Ernest Enterprises, a privately-owned retail company selling men’s suits and leisure wear with 37 locations primarily in Quebec, obtained protection under the CCAA on September 4. The company, which currently owes approximately $3.0 million to HSBC and $2.0 million to BDC, mainly attributes its financial difficulties to the COVID-19 pandemic. Although the company was able to operate its online operations during the COVID-19 shutdowns, online sales have been insufficient to offset the lost revenue resulting from store closures. Demands of consumers have also changed due to work-from-home policies being implemented by many employers, as well as general financial uncertainty flowing from the crisis. In the context of very significant rental expenses and diminishing revenues resulting from the COVID-19 pandemic, it is anticipated that absent a restructuring under the CCAA, the company will face a looming liquidity crisis. HSBC has agreed to provide the company with interim financing during these CCAA proceedings. EY was appointed monitor. Counsel is Stikeman Elliott for the company, Norton Rose Fulbright for the monitor, Miller Thomson for BDC, and Davies for HSBC.
Laura's Shoppe Inc., a Montreal, Quebec-based clothing retailer with 140 stores across Canada operating under the trade names Laura and Melanie Lyne, obtained protection under the CCAA on July 31, owing approximately $18.1 million to BMO and $13.4 million to its landlords. Founded in 1930, the company attributes its current financial difficulties to the detrimental impact the COVID-19 pandemic has had on the retail business. In July 2015, the company had filed an NOI as a result of issues it was facing with its then-lender, Salus Capital Partners.

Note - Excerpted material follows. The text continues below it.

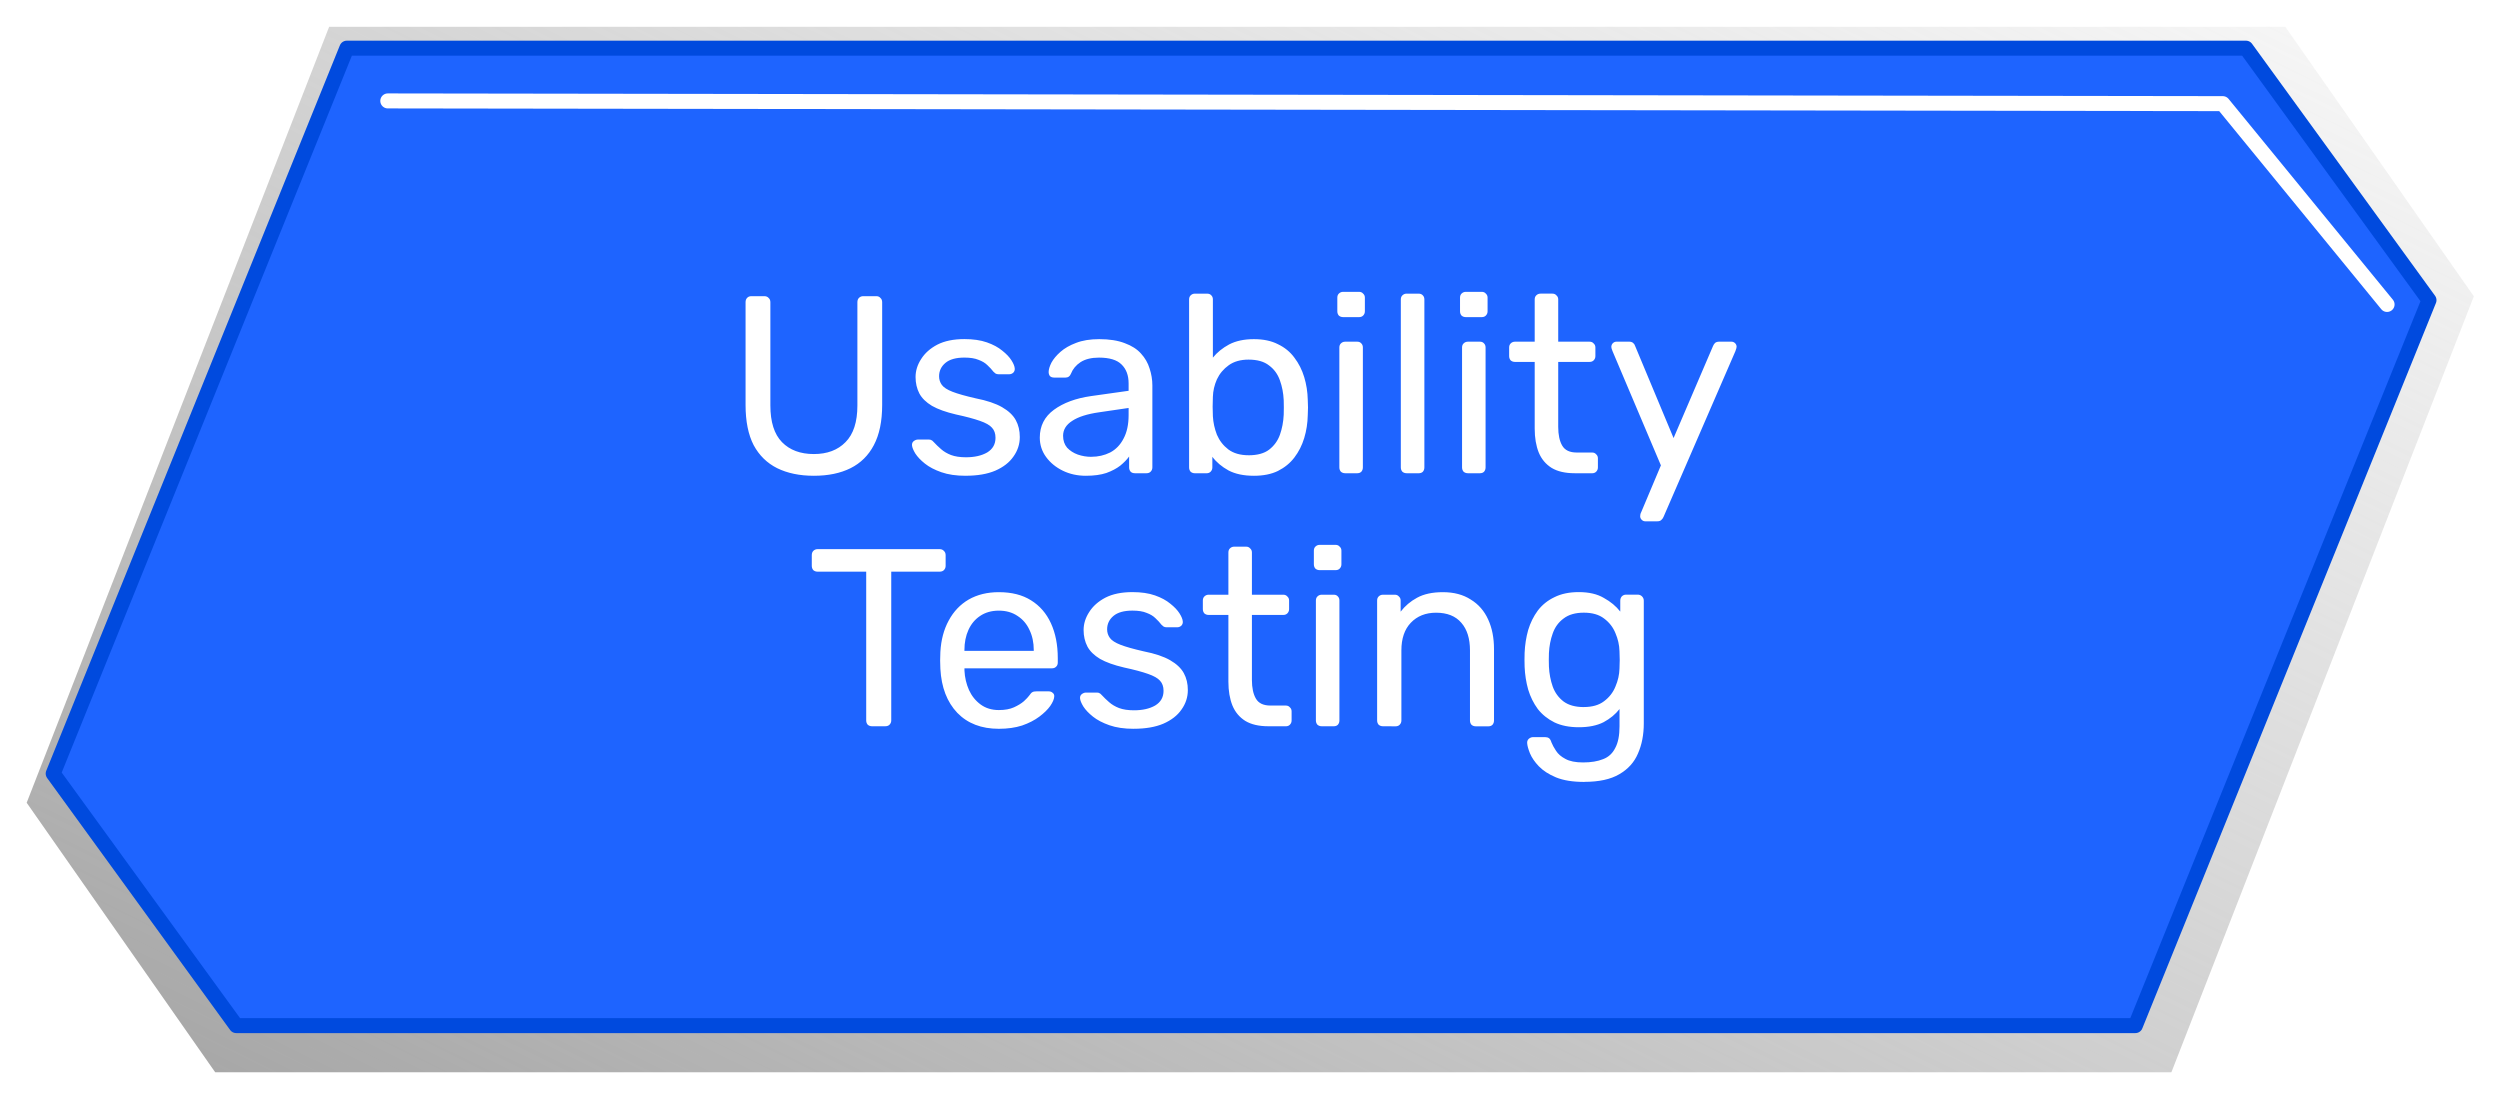<svg xmlns:xlink="http://www.w3.org/1999/xlink" xmlns="http://www.w3.org/2000/svg" xmlns:svg="http://www.w3.org/2000/svg" width="83.658mm" height="36.786mm" viewBox="0 0 83.658 36.786" id="svg1"><defs id="defs1"><linearGradient id="linearGradient5"><stop style="stop-color:#989898;stop-opacity:1;" offset="0" id="stop5"></stop><stop style="stop-color:#b3b3b3;stop-opacity:0;" offset="1" id="stop6"></stop></linearGradient><filter style="color-interpolation-filters:sRGB" id="filter6-44" x="-0.011" y="-0.026" width="1.022" height="1.051"><feGaussianBlur stdDeviation="0.369" id="feGaussianBlur6-6"></feGaussianBlur></filter><filter style="color-interpolation-filters:sRGB" id="filter7-0" x="-0.029" y="-0.288" width="1.059" height="1.577"><feGaussianBlur stdDeviation="0.714" id="feGaussianBlur7-6"></feGaussianBlur></filter><linearGradient xlink:href="#linearGradient5" id="linearGradient23" gradientUnits="userSpaceOnUse" x1="46.071" y1="222.656" x2="81.826" y2="149.347"></linearGradient></defs><g id="layer1" transform="translate(-496.839,-56.064)"><g id="g26"><path id="path5-9" style="mix-blend-mode:normal;fill:url(#linearGradient23);fill-opacity:1;stroke:none;stroke-width:1.665;stroke-linecap:round;stroke-linejoin:round;stroke-miterlimit:2;stroke-dasharray:none;stroke-opacity:1;paint-order:markers fill stroke;filter:url(#filter6-44)" d="m 33.248,168.784 -10.081,25.557 6.284,8.878 h 3.797 61.402 l 10.081,-25.557 -6.284,-8.878 h -3.797 z" transform="matrix(1.004,0,0,1.016,474.472,-114.524)"></path><path id="path3-63" style="fill:#1e64ff;fill-opacity:1;stroke:#004ade;stroke-width:0.502;stroke-linecap:round;stroke-linejoin:round;stroke-miterlimit:2;stroke-dasharray:none;stroke-opacity:1;paint-order:markers fill stroke" d="m 508.445,57.676 -9.826,24.275 6.125,8.433 h 3.701 59.85 l 9.826,-24.275 -6.125,-8.433 h -3.701 z"></path><path style="mix-blend-mode:normal;fill:none;fill-opacity:1;stroke:#ffffff;stroke-width:0.502;stroke-linecap:round;stroke-linejoin:round;stroke-miterlimit:2;stroke-dasharray:none;stroke-opacity:1;paint-order:markers fill stroke;filter:url(#filter7-0)" d="m 29.518,164.443 61.404,0.091 5.498,6.72" id="path7-7" transform="translate(480.298,-105.002)"></path><g id="text10-6-2-3-1-5-3" style="font-size:8.467px;line-height:1;font-family:rubik;-inkscape-font-specification:rubik;text-align:center;letter-spacing:0px;text-anchor:middle;fill:#ffffff;stroke-linecap:round;stroke-linejoin:round;stroke-miterlimit:2" aria-label="Usability&#10;Testing"><path d="m 524.074,71.985 q -0.711,0 -1.228,-0.254 -0.508,-0.254 -0.787,-0.77 -0.271,-0.525 -0.271,-1.346 v -3.437 q 0,-0.093 0.051,-0.144 0.051,-0.059 0.144,-0.059 h 0.432 q 0.093,0 0.144,0.059 0.059,0.051 0.059,0.144 v 3.454 q 0,0.83 0.389,1.228 0.389,0.398 1.067,0.398 0.669,0 1.058,-0.398 0.398,-0.398 0.398,-1.228 v -3.454 q 0,-0.093 0.051,-0.144 0.059,-0.059 0.144,-0.059 h 0.44 q 0.085,0 0.135,0.059 0.059,0.051 0.059,0.144 v 3.437 q 0,0.821 -0.279,1.346 -0.271,0.516 -0.779,0.77 -0.508,0.254 -1.228,0.254 z m 5.079,0 q -0.474,0 -0.813,-0.119 -0.339,-0.119 -0.55,-0.288 -0.212,-0.169 -0.322,-0.339 -0.102,-0.169 -0.11,-0.271 -0.008,-0.093 0.059,-0.144 0.068,-0.051 0.135,-0.051 h 0.373 q 0.051,0 0.076,0.017 0.034,0.009 0.085,0.068 0.11,0.119 0.246,0.237 0.135,0.119 0.33,0.195 0.203,0.076 0.5,0.076 0.432,0 0.711,-0.161 0.279,-0.169 0.279,-0.491 0,-0.212 -0.119,-0.339 -0.11,-0.127 -0.406,-0.229 -0.288,-0.102 -0.796,-0.212 -0.508,-0.119 -0.804,-0.288 -0.296,-0.178 -0.423,-0.415 -0.127,-0.246 -0.127,-0.55 0,-0.313 0.186,-0.601 0.186,-0.296 0.542,-0.483 0.364,-0.186 0.906,-0.186 0.44,0 0.754,0.11 0.313,0.11 0.516,0.279 0.203,0.161 0.305,0.322 0.102,0.161 0.11,0.271 0.008,0.085 -0.051,0.144 -0.059,0.051 -0.135,0.051 h -0.356 q -0.059,0 -0.102,-0.025 -0.034,-0.025 -0.068,-0.059 -0.085,-0.11 -0.203,-0.22 -0.11,-0.11 -0.296,-0.178 -0.178,-0.076 -0.474,-0.076 -0.423,0 -0.635,0.178 -0.212,0.178 -0.212,0.449 0,0.161 0.093,0.288 0.093,0.127 0.356,0.229 0.262,0.102 0.779,0.22 0.559,0.11 0.881,0.296 0.322,0.186 0.457,0.432 0.135,0.246 0.135,0.567 0,0.356 -0.212,0.652 -0.203,0.296 -0.61,0.474 -0.398,0.169 -0.991,0.169 z m 4.022,0 q -0.423,0 -0.77,-0.169 -0.347,-0.169 -0.559,-0.457 -0.212,-0.288 -0.212,-0.652 0,-0.584 0.474,-0.931 0.474,-0.347 1.236,-0.457 l 1.262,-0.178 v -0.246 q 0,-0.406 -0.237,-0.635 -0.229,-0.229 -0.754,-0.229 -0.381,0 -0.618,0.152 -0.229,0.152 -0.322,0.389 -0.051,0.127 -0.178,0.127 h -0.381 q -0.093,0 -0.144,-0.051 -0.042,-0.059 -0.042,-0.135 0,-0.127 0.093,-0.313 0.102,-0.186 0.305,-0.364 0.203,-0.178 0.516,-0.296 0.322,-0.127 0.779,-0.127 0.508,0 0.855,0.135 0.347,0.127 0.542,0.347 0.203,0.22 0.288,0.5 0.093,0.279 0.093,0.567 v 2.743 q 0,0.085 -0.059,0.144 -0.051,0.051 -0.135,0.051 h -0.389 q -0.093,0 -0.144,-0.051 -0.051,-0.059 -0.051,-0.144 v -0.364 q -0.11,0.152 -0.296,0.305 -0.186,0.144 -0.466,0.246 -0.279,0.093 -0.686,0.093 z m 0.178,-0.635 q 0.347,0 0.635,-0.144 0.288,-0.152 0.449,-0.466 0.169,-0.313 0.169,-0.787 v -0.237 l -0.982,0.144 q -0.601,0.085 -0.906,0.288 -0.305,0.195 -0.305,0.5 0,0.237 0.135,0.398 0.144,0.152 0.356,0.229 0.22,0.076 0.449,0.076 z m 5.444,0.635 q -0.508,0 -0.847,-0.178 -0.339,-0.186 -0.542,-0.457 v 0.356 q 0,0.085 -0.059,0.144 -0.051,0.051 -0.135,0.051 h -0.389 q -0.085,0 -0.144,-0.051 -0.051,-0.059 -0.051,-0.144 V 66.084 q 0,-0.085 0.051,-0.135 0.059,-0.059 0.144,-0.059 h 0.406 q 0.093,0 0.144,0.059 0.051,0.051 0.051,0.135 v 1.947 q 0.212,-0.262 0.542,-0.44 0.339,-0.178 0.83,-0.178 0.474,0 0.804,0.169 0.339,0.161 0.55,0.449 0.22,0.288 0.33,0.652 0.11,0.364 0.119,0.762 0.008,0.135 0.008,0.254 0,0.119 -0.008,0.254 -0.008,0.406 -0.119,0.77 -0.11,0.364 -0.33,0.652 -0.212,0.279 -0.55,0.449 -0.33,0.161 -0.804,0.161 z m -0.178,-0.686 q 0.44,0 0.686,-0.186 0.254,-0.195 0.364,-0.5 0.11,-0.313 0.127,-0.669 0.008,-0.246 0,-0.491 -0.017,-0.356 -0.127,-0.66 -0.11,-0.313 -0.364,-0.5 -0.246,-0.195 -0.686,-0.195 -0.398,0 -0.66,0.186 -0.262,0.186 -0.398,0.474 -0.127,0.288 -0.135,0.584 -0.008,0.135 -0.008,0.33 0,0.186 0.008,0.322 0.017,0.313 0.135,0.618 0.127,0.296 0.381,0.491 0.262,0.195 0.677,0.195 z m 3.234,0.601 q -0.085,0 -0.144,-0.051 -0.051,-0.059 -0.051,-0.144 v -4.013 q 0,-0.085 0.051,-0.135 0.059,-0.059 0.144,-0.059 h 0.406 q 0.085,0 0.135,0.059 0.051,0.051 0.051,0.135 v 4.013 q 0,0.085 -0.051,0.144 -0.051,0.051 -0.135,0.051 z m -0.068,-5.224 q -0.085,0 -0.144,-0.051 -0.051,-0.059 -0.051,-0.144 v -0.457 q 0,-0.085 0.051,-0.135 0.059,-0.059 0.144,-0.059 h 0.533 q 0.085,0 0.135,0.059 0.059,0.051 0.059,0.135 v 0.457 q 0,0.085 -0.059,0.144 -0.051,0.051 -0.135,0.051 z m 2.125,5.224 q -0.085,0 -0.144,-0.051 -0.051,-0.059 -0.051,-0.144 V 66.084 q 0,-0.085 0.051,-0.135 0.059,-0.059 0.144,-0.059 h 0.398 q 0.093,0 0.144,0.059 0.051,0.051 0.051,0.135 v 5.622 q 0,0.085 -0.051,0.144 -0.051,0.051 -0.144,0.051 z m 2.049,0 q -0.085,0 -0.144,-0.051 -0.051,-0.059 -0.051,-0.144 v -4.013 q 0,-0.085 0.051,-0.135 0.059,-0.059 0.144,-0.059 h 0.406 q 0.085,0 0.135,0.059 0.051,0.051 0.051,0.135 v 4.013 q 0,0.085 -0.051,0.144 -0.051,0.051 -0.135,0.051 z m -0.068,-5.224 q -0.085,0 -0.144,-0.051 -0.051,-0.059 -0.051,-0.144 v -0.457 q 0,-0.085 0.051,-0.135 0.059,-0.059 0.144,-0.059 h 0.533 q 0.085,0 0.135,0.059 0.059,0.051 0.059,0.135 v 0.457 q 0,0.085 -0.059,0.144 -0.051,0.051 -0.135,0.051 z m 3.641,5.224 q -0.474,0 -0.77,-0.178 -0.296,-0.186 -0.432,-0.516 -0.135,-0.339 -0.135,-0.796 v -2.235 h -0.66 q -0.085,0 -0.144,-0.051 -0.051,-0.059 -0.051,-0.144 v -0.288 q 0,-0.085 0.051,-0.135 0.059,-0.059 0.144,-0.059 h 0.66 v -1.414 q 0,-0.085 0.051,-0.135 0.059,-0.059 0.144,-0.059 h 0.398 q 0.085,0 0.135,0.059 0.059,0.051 0.059,0.135 v 1.414 h 1.05 q 0.085,0 0.135,0.059 0.059,0.051 0.059,0.135 v 0.288 q 0,0.085 -0.059,0.144 -0.051,0.051 -0.135,0.051 h -1.05 v 2.176 q 0,0.398 0.135,0.627 0.135,0.229 0.483,0.229 h 0.516 q 0.085,0 0.135,0.059 0.059,0.051 0.059,0.135 v 0.305 q 0,0.085 -0.059,0.144 -0.051,0.051 -0.135,0.051 z m 2.362,1.609 q -0.068,0 -0.119,-0.051 -0.051,-0.051 -0.051,-0.119 0,-0.034 0.008,-0.068 0.008,-0.034 0.034,-0.085 l 0.652,-1.549 -1.617,-3.818 q -0.042,-0.102 -0.042,-0.144 0,-0.076 0.051,-0.127 0.051,-0.051 0.127,-0.051 h 0.415 q 0.085,0 0.135,0.042 0.051,0.042 0.068,0.102 l 1.287,3.082 1.321,-3.082 q 0.025,-0.059 0.068,-0.102 0.051,-0.042 0.144,-0.042 h 0.398 q 0.076,0 0.127,0.051 0.051,0.051 0.051,0.119 0,0.042 -0.042,0.152 l -2.405,5.546 q -0.025,0.059 -0.076,0.102 -0.042,0.042 -0.135,0.042 z" id="path11"></path><path d="m 526.02,80.367 q -0.085,0 -0.144,-0.051 -0.051,-0.059 -0.051,-0.144 v -4.978 h -1.626 q -0.085,0 -0.144,-0.051 -0.051,-0.059 -0.051,-0.144 v -0.356 q 0,-0.093 0.051,-0.144 0.059,-0.059 0.144,-0.059 h 4.081 q 0.093,0 0.144,0.059 0.059,0.051 0.059,0.144 v 0.356 q 0,0.085 -0.059,0.144 -0.051,0.051 -0.144,0.051 h -1.617 v 4.978 q 0,0.085 -0.059,0.144 -0.051,0.051 -0.144,0.051 z m 4.243,0.085 q -0.872,0 -1.389,-0.533 -0.516,-0.542 -0.567,-1.473 -0.008,-0.11 -0.008,-0.279 0,-0.178 0.008,-0.288 0.034,-0.601 0.279,-1.05 0.246,-0.457 0.669,-0.703 0.432,-0.246 1.008,-0.246 0.643,0 1.075,0.271 0.44,0.271 0.669,0.77 0.229,0.5 0.229,1.168 v 0.144 q 0,0.093 -0.059,0.144 -0.051,0.051 -0.135,0.051 h -2.929 q 0,0.009 0,0.034 0,0.025 0,0.042 0.017,0.347 0.152,0.652 0.135,0.296 0.389,0.483 0.254,0.186 0.61,0.186 0.305,0 0.508,-0.093 0.203,-0.093 0.33,-0.203 0.127,-0.119 0.169,-0.178 0.076,-0.11 0.119,-0.127 0.042,-0.025 0.135,-0.025 h 0.406 q 0.085,0 0.135,0.051 0.059,0.042 0.051,0.127 -0.008,0.127 -0.135,0.313 -0.127,0.178 -0.364,0.356 -0.237,0.178 -0.576,0.296 -0.339,0.11 -0.779,0.11 z m -1.151,-2.608 h 2.32 v -0.025 q 0,-0.381 -0.144,-0.677 -0.135,-0.296 -0.398,-0.466 -0.262,-0.178 -0.627,-0.178 -0.364,0 -0.627,0.178 -0.254,0.169 -0.389,0.466 -0.135,0.296 -0.135,0.677 z m 5.664,2.608 q -0.474,0 -0.813,-0.119 -0.339,-0.119 -0.55,-0.288 -0.212,-0.169 -0.322,-0.339 -0.102,-0.169 -0.11,-0.271 -0.008,-0.093 0.059,-0.144 0.068,-0.051 0.135,-0.051 h 0.373 q 0.051,0 0.076,0.017 0.034,0.009 0.085,0.068 0.11,0.119 0.246,0.237 0.135,0.119 0.33,0.195 0.203,0.076 0.5,0.076 0.432,0 0.711,-0.161 0.279,-0.169 0.279,-0.491 0,-0.212 -0.119,-0.339 -0.11,-0.127 -0.406,-0.229 -0.288,-0.102 -0.796,-0.212 -0.508,-0.119 -0.804,-0.288 -0.296,-0.178 -0.423,-0.415 -0.127,-0.246 -0.127,-0.55 0,-0.313 0.186,-0.601 0.186,-0.296 0.542,-0.483 0.364,-0.186 0.906,-0.186 0.44,0 0.754,0.11 0.313,0.11 0.516,0.279 0.203,0.161 0.305,0.322 0.102,0.161 0.11,0.271 0.008,0.085 -0.051,0.144 -0.059,0.051 -0.135,0.051 h -0.356 q -0.059,0 -0.102,-0.025 -0.034,-0.025 -0.068,-0.059 -0.085,-0.11 -0.203,-0.22 -0.11,-0.11 -0.296,-0.178 -0.178,-0.076 -0.474,-0.076 -0.423,0 -0.635,0.178 -0.212,0.178 -0.212,0.449 0,0.161 0.093,0.288 0.093,0.127 0.356,0.229 0.262,0.102 0.779,0.22 0.559,0.11 0.881,0.296 0.322,0.186 0.457,0.432 0.135,0.246 0.135,0.567 0,0.356 -0.212,0.652 -0.203,0.296 -0.61,0.474 -0.398,0.169 -0.991,0.169 z m 4.506,-0.085 q -0.474,0 -0.77,-0.178 -0.296,-0.186 -0.432,-0.516 -0.135,-0.339 -0.135,-0.796 v -2.235 h -0.66 q -0.085,0 -0.144,-0.051 -0.051,-0.059 -0.051,-0.144 v -0.288 q 0,-0.085 0.051,-0.135 0.059,-0.059 0.144,-0.059 h 0.66 v -1.414 q 0,-0.085 0.051,-0.135 0.059,-0.059 0.144,-0.059 h 0.398 q 0.085,0 0.135,0.059 0.059,0.051 0.059,0.135 v 1.414 h 1.05 q 0.085,0 0.135,0.059 0.059,0.051 0.059,0.135 v 0.288 q 0,0.085 -0.059,0.144 -0.051,0.051 -0.135,0.051 h -1.05 v 2.176 q 0,0.398 0.135,0.627 0.135,0.229 0.483,0.229 h 0.516 q 0.085,0 0.135,0.059 0.059,0.051 0.059,0.135 v 0.305 q 0,0.085 -0.059,0.144 -0.051,0.051 -0.135,0.051 z m 1.786,0 q -0.085,0 -0.144,-0.051 -0.051,-0.059 -0.051,-0.144 v -4.013 q 0,-0.085 0.051,-0.135 0.059,-0.059 0.144,-0.059 h 0.406 q 0.085,0 0.135,0.059 0.051,0.051 0.051,0.135 v 4.013 q 0,0.085 -0.051,0.144 -0.051,0.051 -0.135,0.051 z m -0.068,-5.224 q -0.085,0 -0.144,-0.051 -0.051,-0.059 -0.051,-0.144 v -0.457 q 0,-0.085 0.051,-0.135 0.059,-0.059 0.144,-0.059 h 0.533 q 0.085,0 0.135,0.059 0.059,0.051 0.059,0.135 v 0.457 q 0,0.085 -0.059,0.144 -0.051,0.051 -0.135,0.051 z m 2.117,5.224 q -0.085,0 -0.144,-0.051 -0.051,-0.059 -0.051,-0.144 v -4.013 q 0,-0.085 0.051,-0.135 0.059,-0.059 0.144,-0.059 h 0.398 q 0.085,0 0.135,0.059 0.059,0.051 0.059,0.135 v 0.373 q 0.22,-0.288 0.55,-0.466 0.339,-0.186 0.864,-0.186 0.55,0 0.931,0.246 0.389,0.237 0.584,0.669 0.195,0.423 0.195,0.991 v 2.388 q 0,0.085 -0.051,0.144 -0.051,0.051 -0.135,0.051 h -0.423 q -0.085,0 -0.144,-0.051 -0.051,-0.059 -0.051,-0.144 v -2.345 q 0,-0.593 -0.288,-0.923 -0.288,-0.339 -0.847,-0.339 -0.525,0 -0.847,0.339 -0.313,0.33 -0.313,0.923 v 2.345 q 0,0.085 -0.059,0.144 -0.051,0.051 -0.135,0.051 z m 6.739,1.863 q -0.576,0 -0.948,-0.152 -0.364,-0.152 -0.576,-0.373 -0.203,-0.212 -0.296,-0.432 -0.085,-0.212 -0.093,-0.339 -0.008,-0.085 0.051,-0.144 0.068,-0.059 0.144,-0.059 h 0.406 q 0.076,0 0.127,0.034 0.051,0.034 0.085,0.144 0.051,0.127 0.152,0.279 0.102,0.161 0.313,0.271 0.212,0.119 0.593,0.119 0.398,0 0.669,-0.11 0.271,-0.102 0.406,-0.373 0.144,-0.262 0.144,-0.728 v -0.576 q -0.203,0.262 -0.533,0.44 -0.33,0.169 -0.83,0.169 -0.474,0 -0.813,-0.161 -0.339,-0.169 -0.559,-0.449 -0.212,-0.288 -0.322,-0.652 -0.102,-0.364 -0.119,-0.762 -0.008,-0.237 0,-0.466 0.017,-0.398 0.119,-0.762 0.11,-0.364 0.322,-0.652 0.22,-0.288 0.559,-0.449 0.339,-0.169 0.813,-0.169 0.508,0 0.838,0.195 0.339,0.186 0.55,0.457 v -0.364 q 0,-0.085 0.051,-0.144 0.059,-0.059 0.144,-0.059 h 0.389 q 0.085,0 0.144,0.059 0.059,0.059 0.059,0.144 v 4.106 q 0,0.567 -0.195,1.008 -0.186,0.44 -0.627,0.694 -0.432,0.254 -1.168,0.254 z m -0.017,-2.506 q 0.423,0 0.677,-0.195 0.262,-0.195 0.381,-0.491 0.127,-0.296 0.135,-0.601 0.008,-0.119 0.008,-0.288 0,-0.178 -0.008,-0.296 -0.008,-0.305 -0.135,-0.601 -0.119,-0.296 -0.381,-0.491 -0.254,-0.195 -0.677,-0.195 -0.423,0 -0.677,0.195 -0.254,0.186 -0.364,0.5 -0.11,0.305 -0.127,0.66 -0.008,0.22 0,0.449 0.017,0.356 0.127,0.669 0.11,0.305 0.364,0.5 0.254,0.186 0.677,0.186 z" id="path13"></path></g></g></g></svg>

The NOI proceedings were later continued under the CCAA. The company emerged from its restructuring proceedings as a stronger business and was able to successfully operate in the rapidly-changing retail landscape until very recently, when its operations were blindsided by the unprecedented and unforeseeable pandemic. Although the company has been able to operate its online business in recent months, the online sales have been insufficient to offset the lost revenue resulting from store closures. KMPG was appointed monitor. Counsel is Fishman Flanz Meland Paquin for the company, Stikeman Elliott for the monitor, and Dentons for BMO.
Kanwal Inc., a Magog, Quebec-based automotive sealing supplier with almost 30 years of experience, filed an NOI on July 30, listing approximately $19.2 million in liabilities, including $4.3 million to BMO and $9.1 million to First West Capital Loan. While the company has been negatively impacted by the COVID-19 pandemic, moving forward, it will be creating a more consolidated corporate structure and refinancing globally as part of its restructuring efforts. PwC is the proposal trustee. Sinclair Range is the Chief Restructuring Officer.